2. Vue en plan des ouvrages défensifs découverts dans un sondage du secteur 3.
Au premier plan, présence de la plateforme bordée par son mur d’escarpe occidental. Ces vestiges matérialisent le bastion de la Bergerie. Au second plan, emprise du fossé défensif remblayé, parcourue par de nombreux réseaux actifs.
R. Fronty, Inrap
- 4 Le SHD siège au Château de Vincennes. Il est le centre d’archives du ministère de la Défense et des (...)

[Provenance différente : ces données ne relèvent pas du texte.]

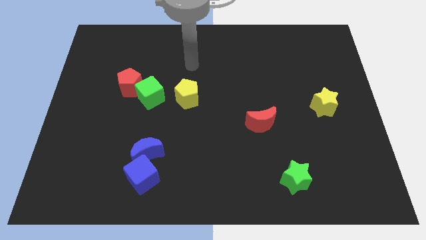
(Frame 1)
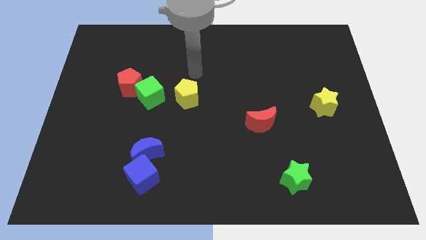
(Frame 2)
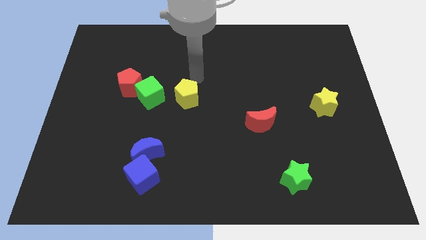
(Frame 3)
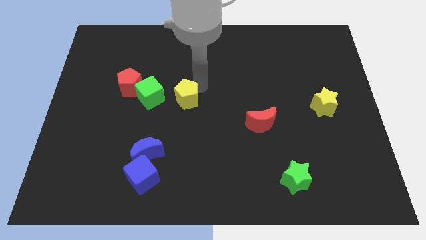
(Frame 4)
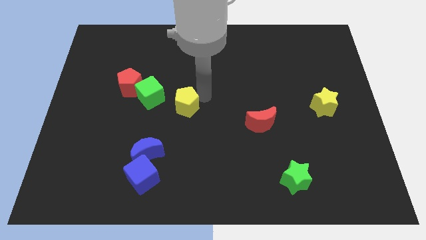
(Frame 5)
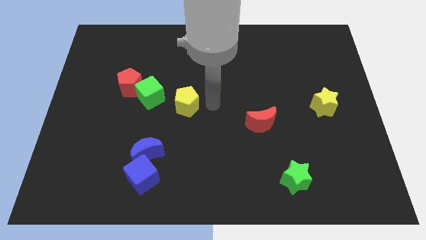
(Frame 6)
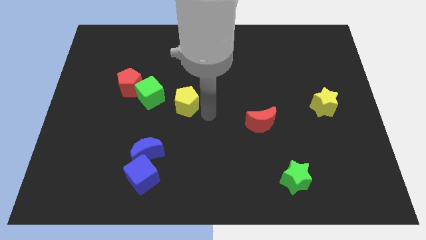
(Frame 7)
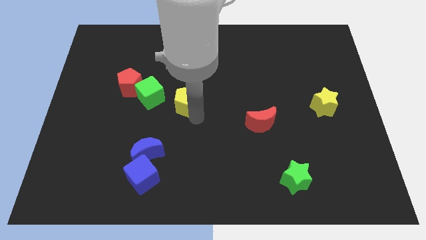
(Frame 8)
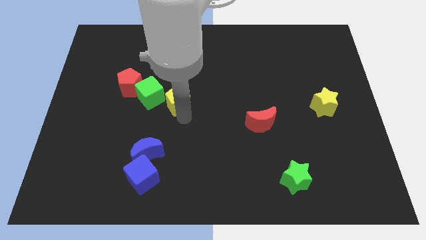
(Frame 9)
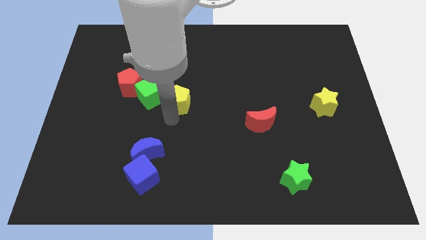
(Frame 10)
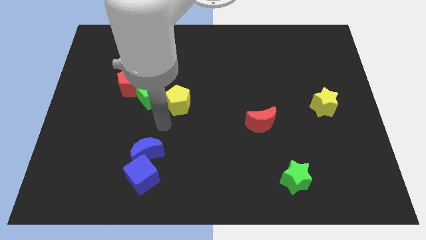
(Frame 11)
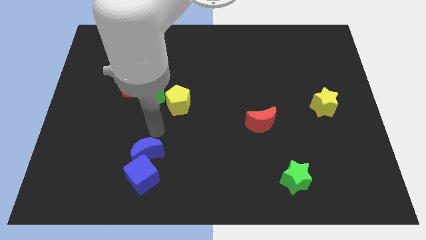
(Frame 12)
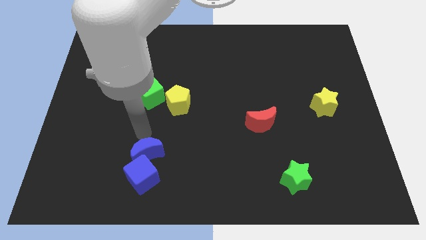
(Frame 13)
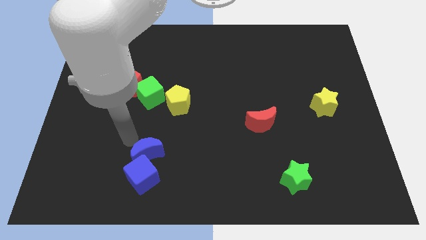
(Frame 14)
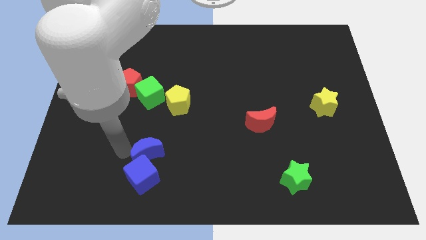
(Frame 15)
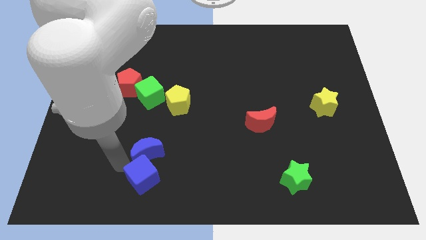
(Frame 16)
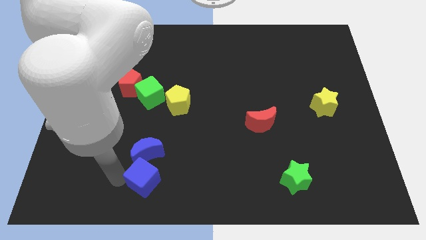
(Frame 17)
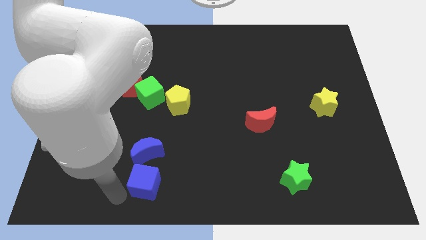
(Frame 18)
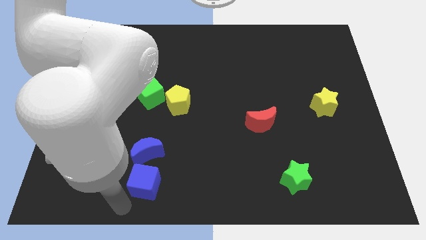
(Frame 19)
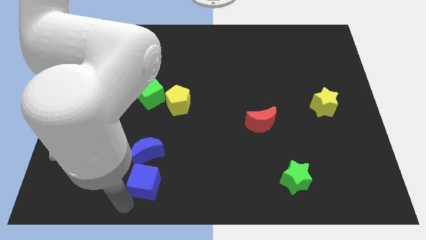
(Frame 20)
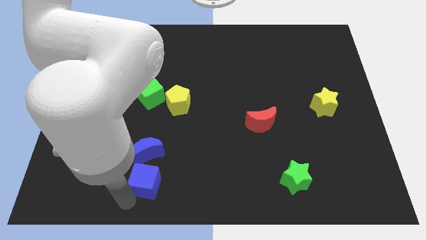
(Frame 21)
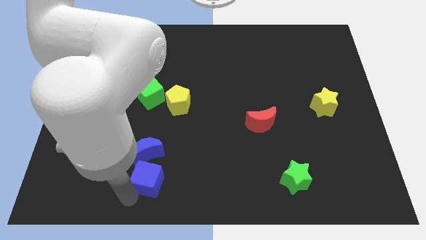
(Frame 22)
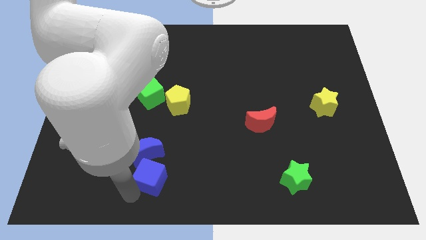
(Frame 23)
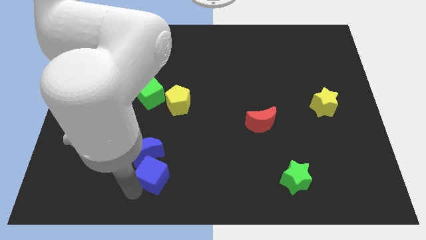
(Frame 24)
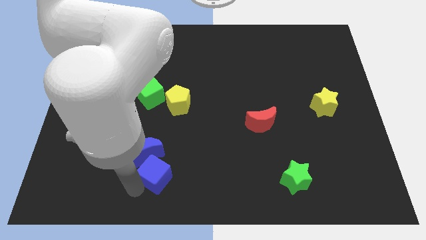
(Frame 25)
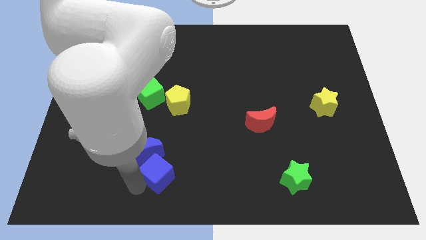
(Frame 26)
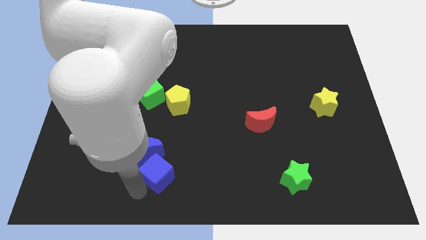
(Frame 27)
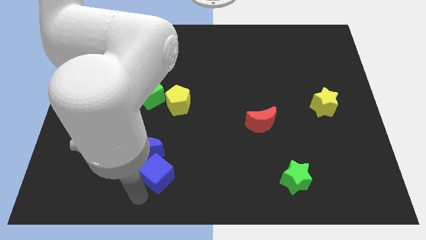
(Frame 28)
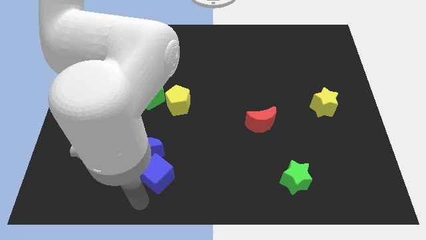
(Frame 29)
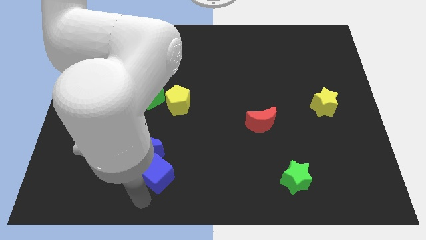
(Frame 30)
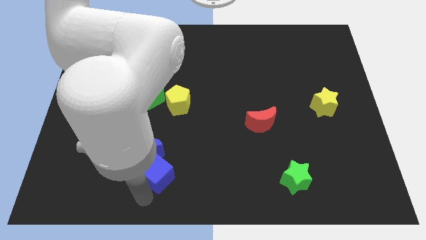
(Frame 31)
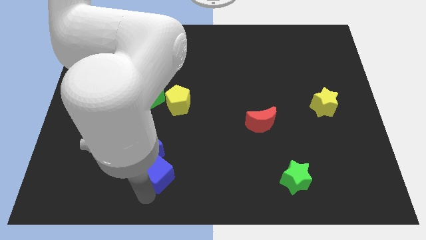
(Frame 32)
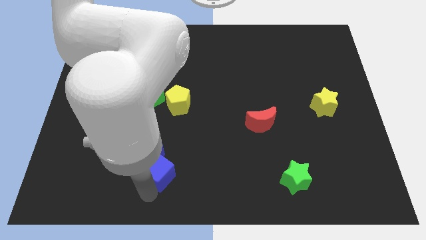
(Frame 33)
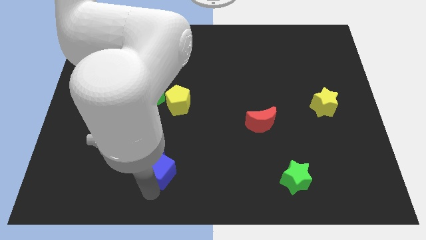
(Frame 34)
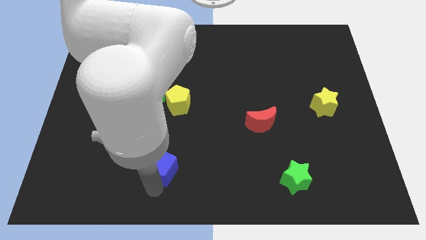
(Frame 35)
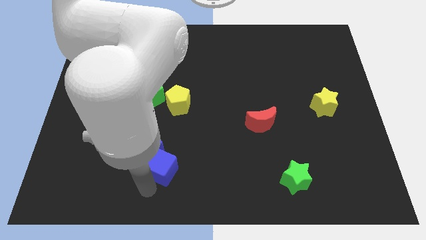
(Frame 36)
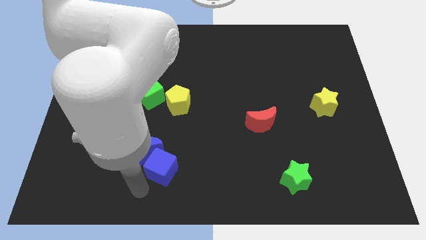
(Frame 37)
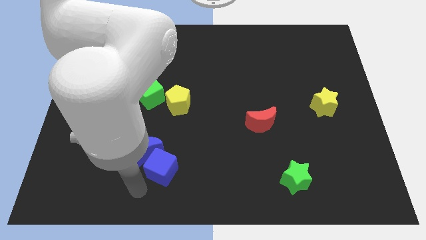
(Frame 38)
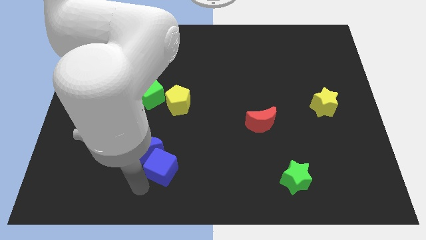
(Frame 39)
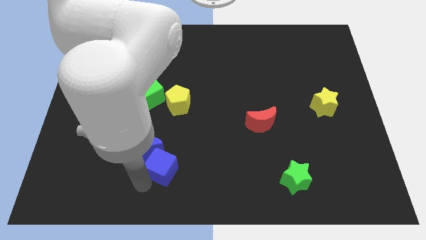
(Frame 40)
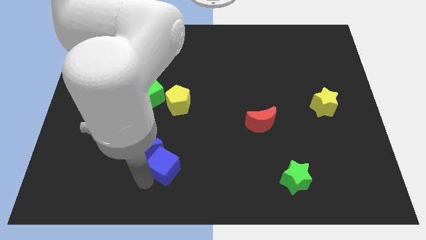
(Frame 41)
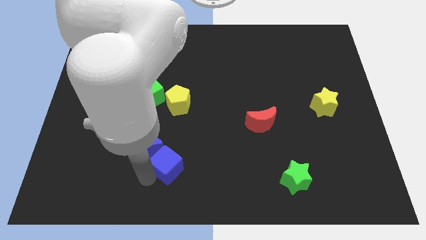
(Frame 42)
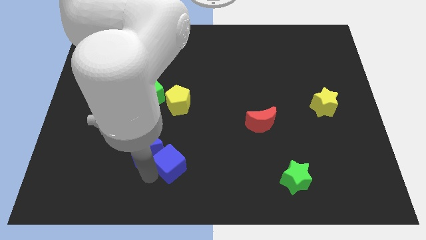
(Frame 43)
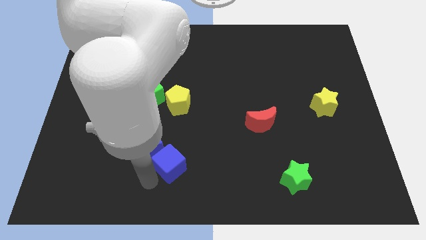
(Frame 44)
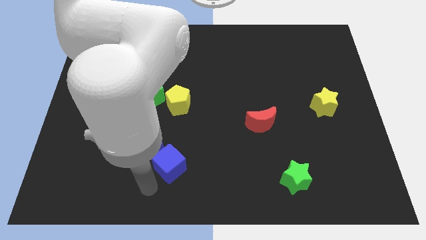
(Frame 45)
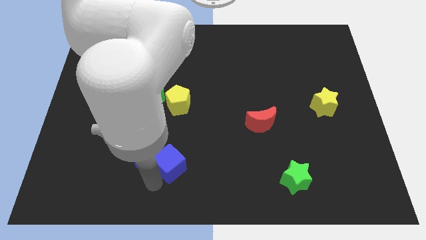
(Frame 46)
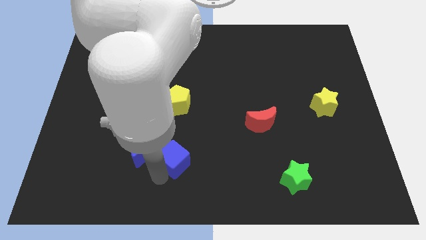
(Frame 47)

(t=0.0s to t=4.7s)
move the blue cube a little bit upwards and right diagonally

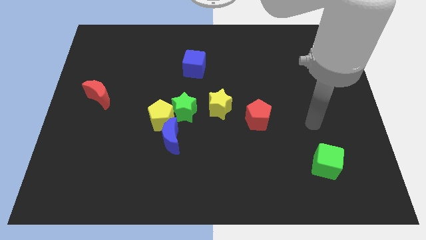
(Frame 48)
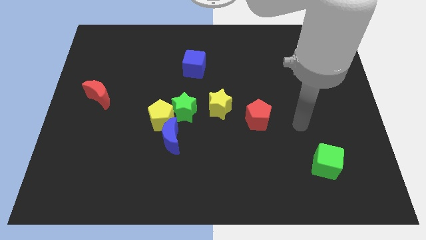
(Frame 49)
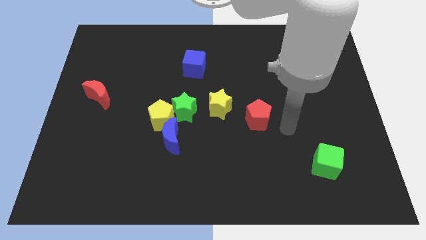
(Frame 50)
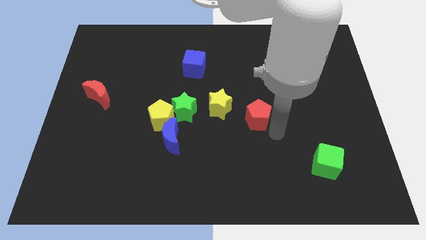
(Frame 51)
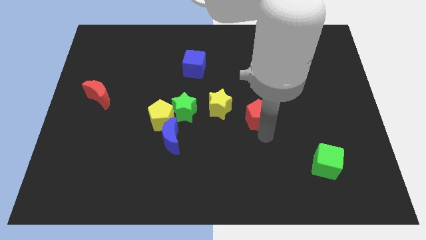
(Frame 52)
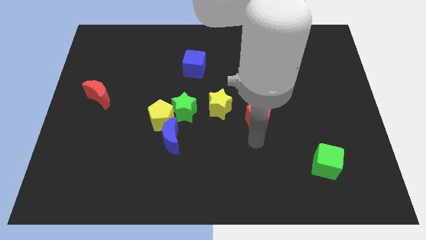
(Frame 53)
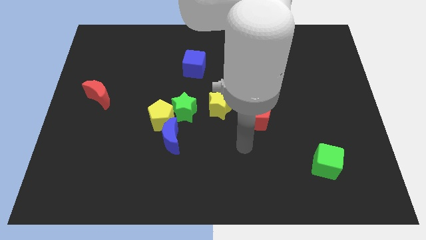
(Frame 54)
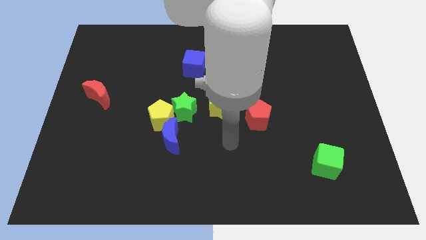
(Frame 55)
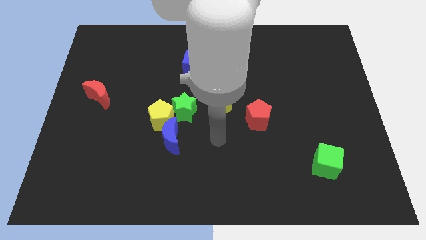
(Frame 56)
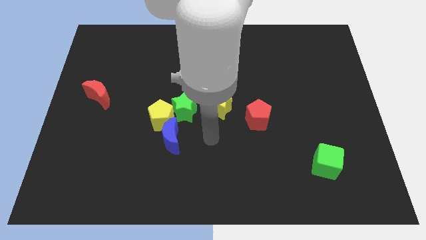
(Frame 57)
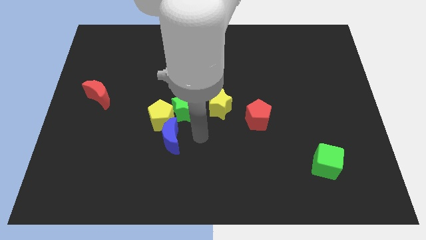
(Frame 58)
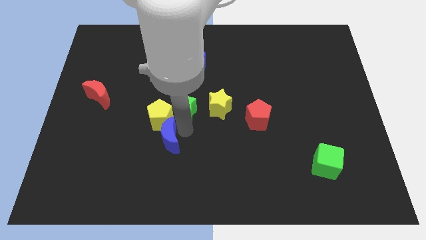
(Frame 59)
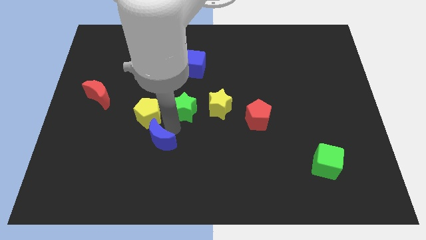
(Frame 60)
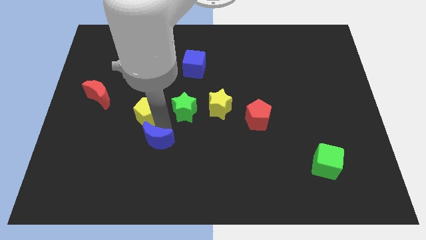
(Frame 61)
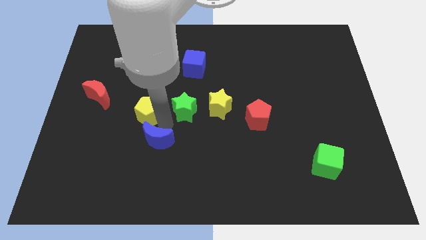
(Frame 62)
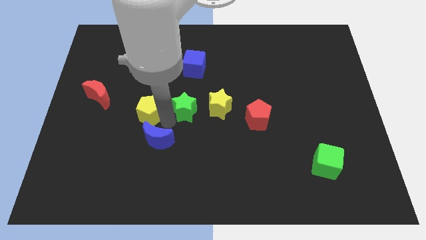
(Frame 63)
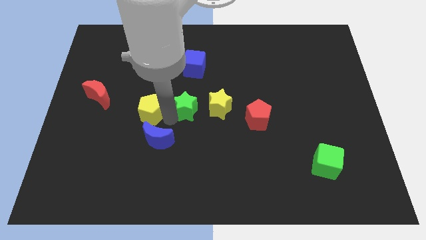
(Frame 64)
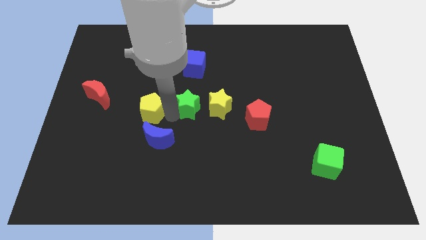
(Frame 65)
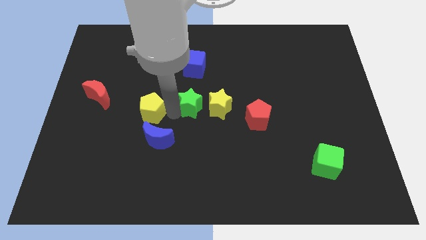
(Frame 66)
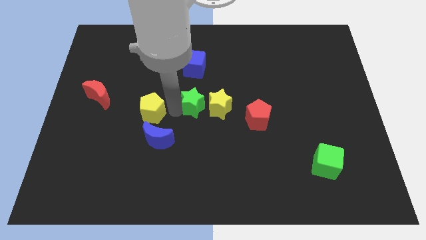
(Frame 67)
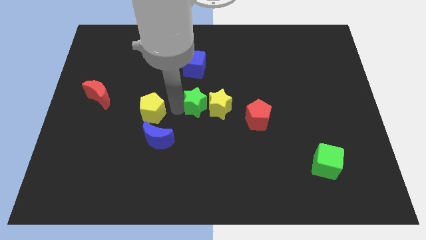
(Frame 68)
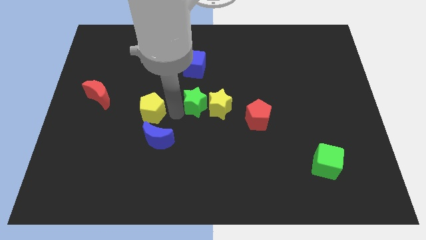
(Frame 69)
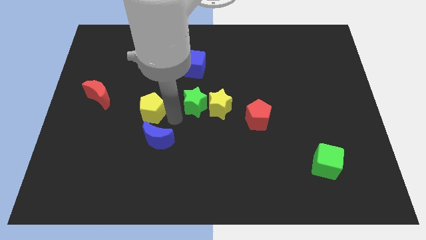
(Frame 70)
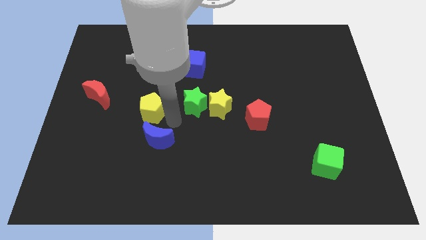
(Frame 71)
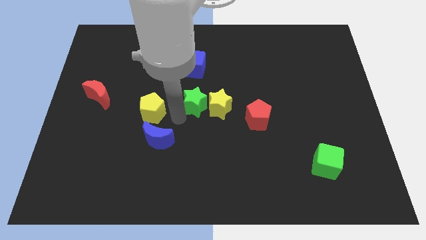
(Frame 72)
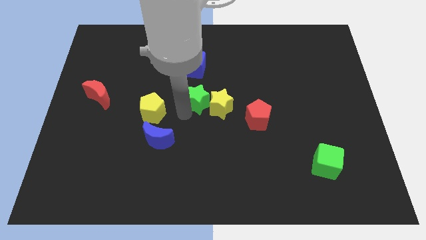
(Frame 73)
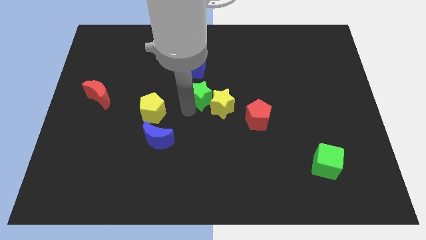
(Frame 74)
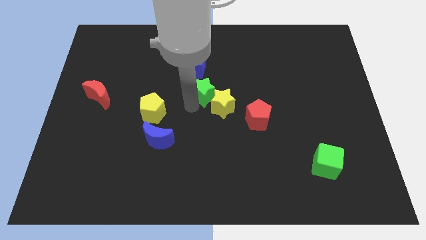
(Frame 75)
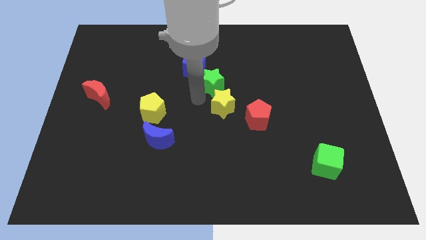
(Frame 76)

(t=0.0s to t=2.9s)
slightly slide the green star up and then right

5Les données recueillies durant la phase terrain seront confrontées à l’étude documentaire en cours. Des plans de détail des différents ouvrages militaires, dressés au XIXe siècle, sont conservés pour partie aux archives du Service historique de la Défense4. Les levées topographiques réalisées permettront d’affiner le positionnement de chaque ouvrage, en localisant des points d’ancrage importants sur le positionnement de l’ensemble du tracé des fortifications.